45.

1.3K 115 33
                                    


Sierpień mijał siatkarzom bardzo szybko. Ciepłe powietrze i sporo czas wolnego sprzyjało spotkaniom. W czwórkę umawiali się kilka razy w tygodniu, za to Oikawa z Hajimem widzieli się codzienni. Nawet jak nie planowali jakiś większych wypadów, przychodzili do siebie nawzajem tylko po to by obejrzeć film, czy wyjść na spacer. Oczywiście Iwaiuzmi był zobowiązany do chodzenia z szatynem na sale gimnastyczną. Mimo wszystko Tooru nie zamierzał odpuszczać, chciał ćwiczyć, a brunet czuł potrzebę pilnowania go. Była ,,przyjaciółka" Hajima już się nie pokazała, z czego powodu oby dwoje byli bardzo szczęśliwi. Mama zielonookiego coraz bardziej zaprzyjaźniała się z rzekomym przyjacielem jej syna, bez problemu znaleźli wspólny język, co wydawało się Iwaizumiemu, wręcz trochę niepokojące, ale również był szczęśliwy, w końcu przecież nadejdzie dzień w którym przedstawi mamie Oikawe, już nie jako przyjaciela.

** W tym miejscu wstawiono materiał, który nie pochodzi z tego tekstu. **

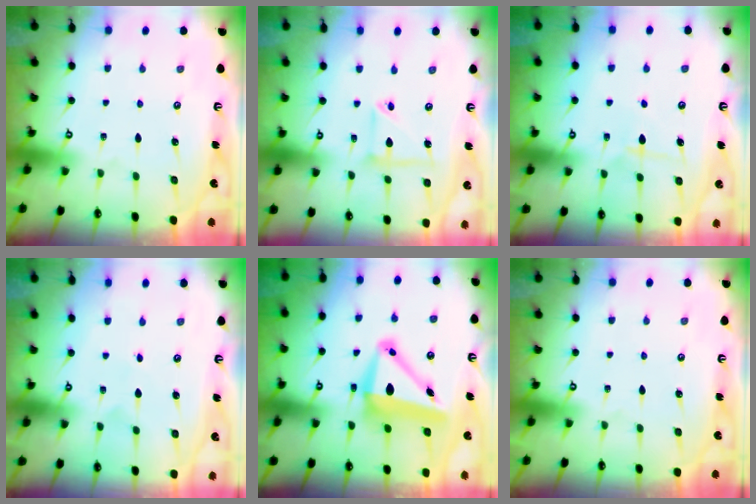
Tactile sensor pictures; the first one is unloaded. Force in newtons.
{"total": 7.2, "press": 7.2, "slide": 0.6}
{"total": 7.0, "press": 7.0, "slide": 0.5}
{"total": 3.0, "press": 3.0, "slide": 0.3}
{"total": 10.6, "press": 10.4, "slide": 2.2}
{"total": 0.0}

-Tarta twojej mamy jest rewelacyjna! - Tooru właśnie zachwycał się nad kawałkiem ciasta, przygotowanego wcześniej przez panią Iwaizumi

Chłopcy przebywali teraz w domu Hajima, a że matka bruneta pracowała mieli dom dla siebie.

-Przekaże - starał się wyglądać obojętnie, ale na widok szatyna z uśmiechem pochłaniającym kolejny kawałek deseru, cieszącym się przy tym jak małe dziecko, jakoś nie potrafił się nie uśmiechnąć

-Koniecznie! Z resztą sam jej to powiem. O której dzisiaj wraca? - atakujący zamyślił się na chwilę

-Jeśli się nie mylę to mówiła rano, że do dwudziestej powinna się ze wszystkim uwinąć -zamyślił się -Chcesz zostać na noc?

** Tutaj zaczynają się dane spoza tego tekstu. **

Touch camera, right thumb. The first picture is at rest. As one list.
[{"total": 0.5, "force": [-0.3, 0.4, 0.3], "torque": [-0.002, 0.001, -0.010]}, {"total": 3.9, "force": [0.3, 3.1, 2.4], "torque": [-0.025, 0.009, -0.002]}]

-Ty się jeszcze pytasz? Oczywiście - rozpromienił się jeszcze bardziej

-Naprawdę czasami zachowujesz się jak dziecko - parsknął, ale z jego twarzy nie schodził uśmiech

-Wcale nie! Po prostu bardzo się cieszę. Uwielbiam spędzać z tobą czas.. A twoja mama jest dla mnie naprawdę miła. Fajnie mieć kogoś kto o ciebie dba..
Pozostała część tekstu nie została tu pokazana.